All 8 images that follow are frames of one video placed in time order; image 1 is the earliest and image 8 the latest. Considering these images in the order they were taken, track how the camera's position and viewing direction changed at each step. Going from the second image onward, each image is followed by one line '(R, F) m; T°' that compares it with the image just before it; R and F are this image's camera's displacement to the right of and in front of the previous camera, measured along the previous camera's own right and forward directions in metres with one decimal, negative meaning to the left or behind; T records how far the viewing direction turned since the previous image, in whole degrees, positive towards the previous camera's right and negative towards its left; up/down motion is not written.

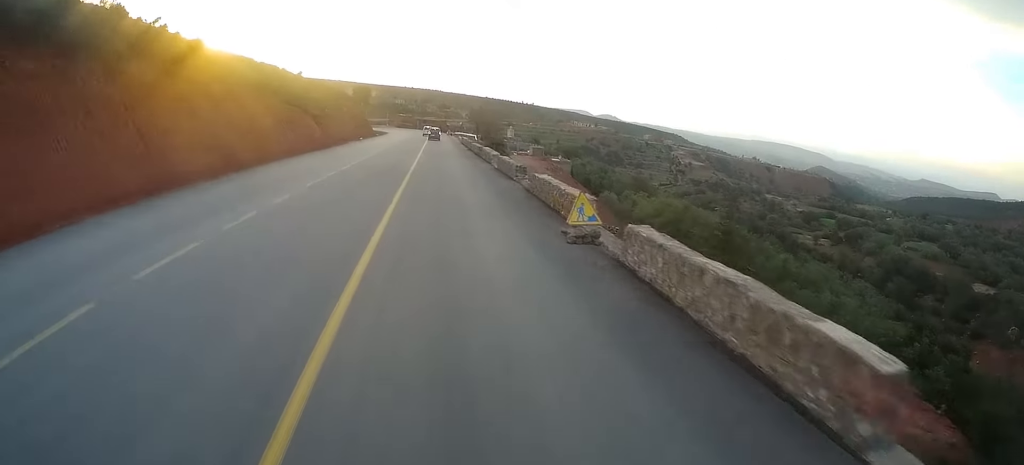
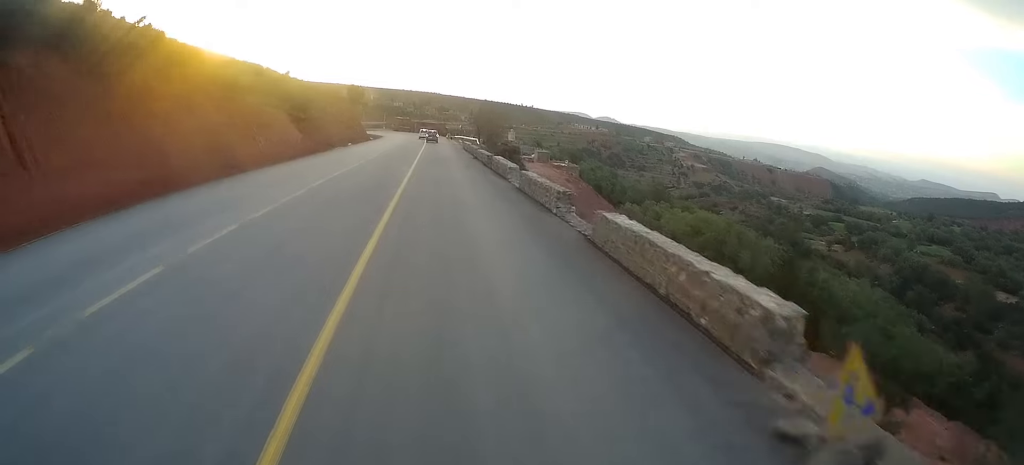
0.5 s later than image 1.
(-0.2, +9.6) m; 0°
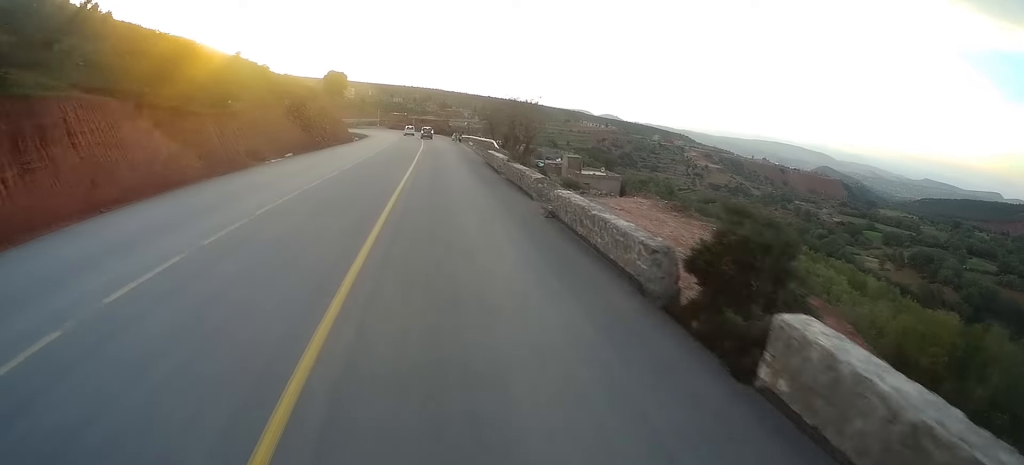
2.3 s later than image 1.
(+0.2, +32.4) m; 0°
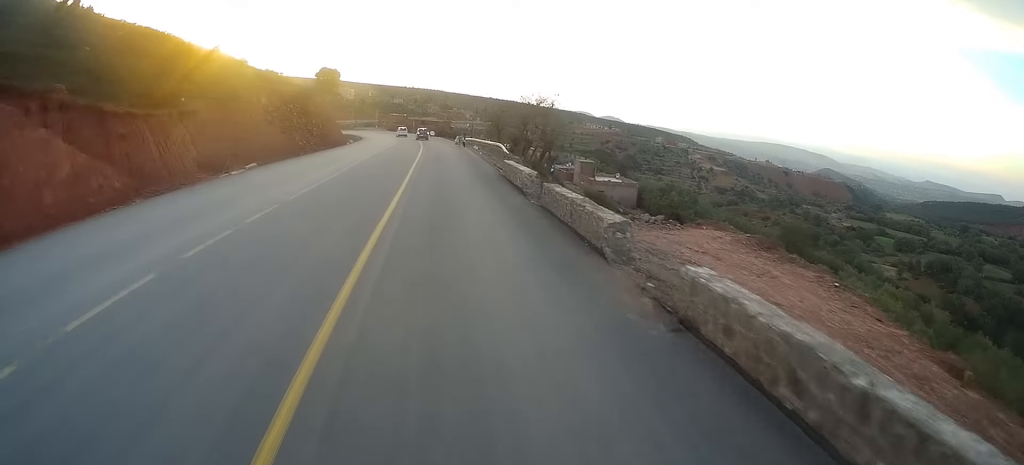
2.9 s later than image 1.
(-0.2, +9.8) m; 0°
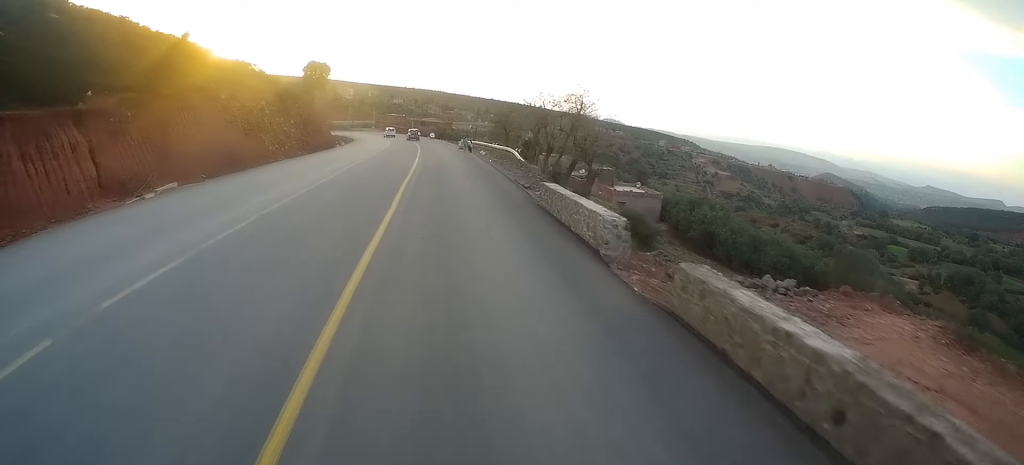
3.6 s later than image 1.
(+0.2, +11.5) m; -1°
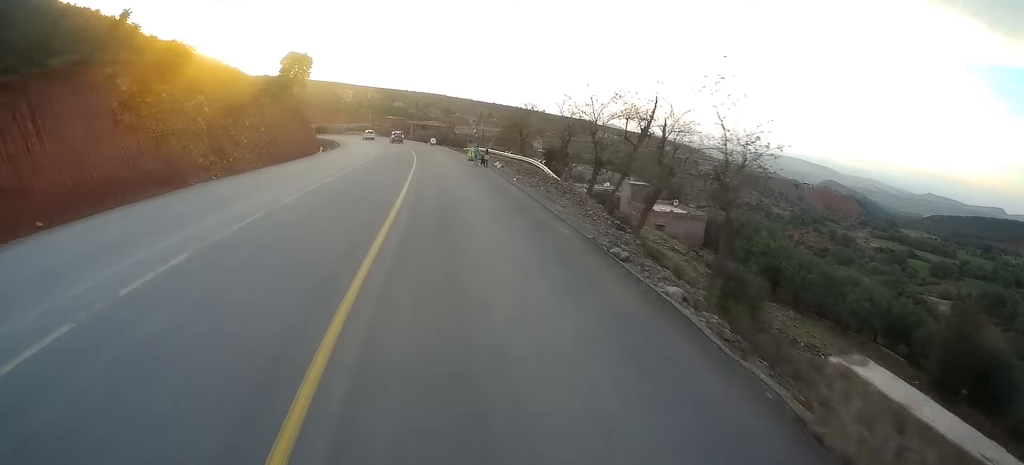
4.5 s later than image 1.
(-0.3, +16.0) m; 0°
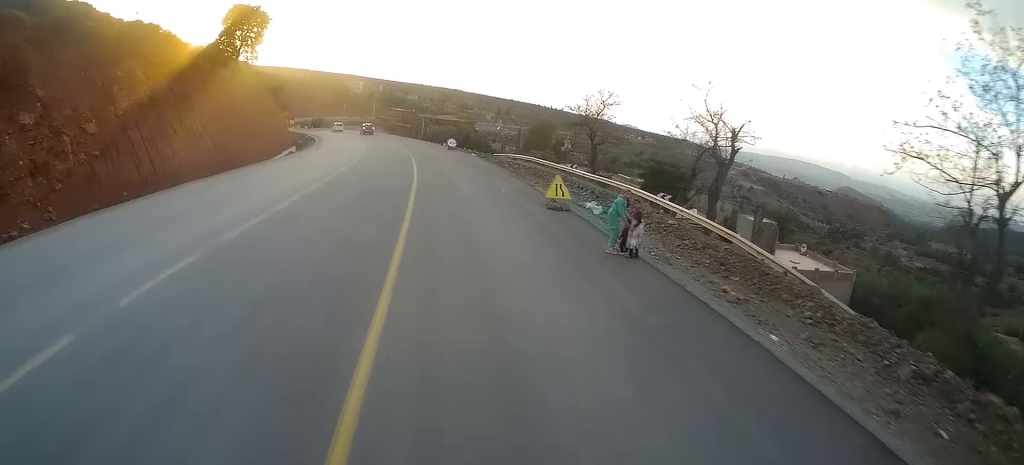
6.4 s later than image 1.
(+0.3, +30.1) m; +1°
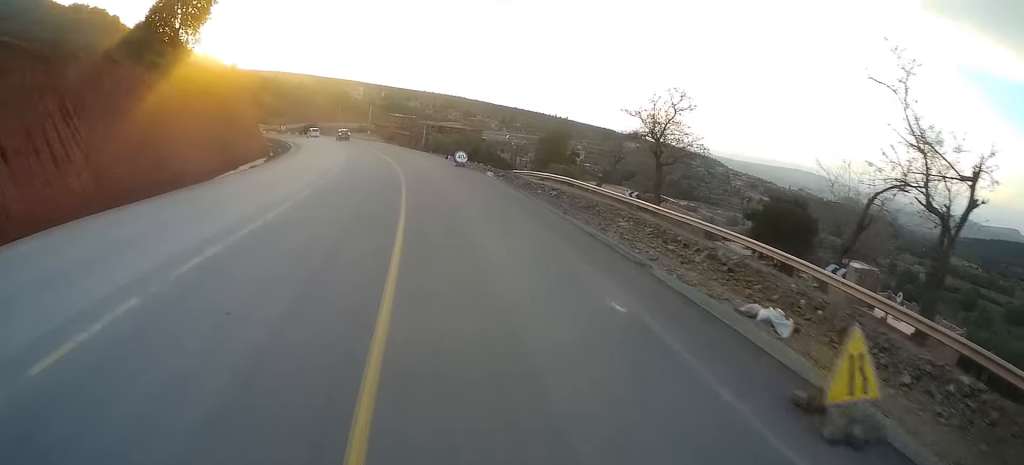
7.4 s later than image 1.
(0.0, +14.7) m; +1°

# # # # # # #

== What you need to do ==
Begin with the line containing "0.5 s later than image 1." and end with the last line of the entries above. Copy those lines exactly, both ends included, and drop every picture.

== The completed task ==
0.5 s later than image 1.
(-0.2, +9.6) m; 0°
2.3 s later than image 1.
(+0.2, +32.4) m; 0°
2.9 s later than image 1.
(-0.2, +9.8) m; 0°
3.6 s later than image 1.
(+0.2, +11.5) m; -1°
4.5 s later than image 1.
(-0.3, +16.0) m; 0°
6.4 s later than image 1.
(+0.3, +30.1) m; +1°
7.4 s later than image 1.
(0.0, +14.7) m; +1°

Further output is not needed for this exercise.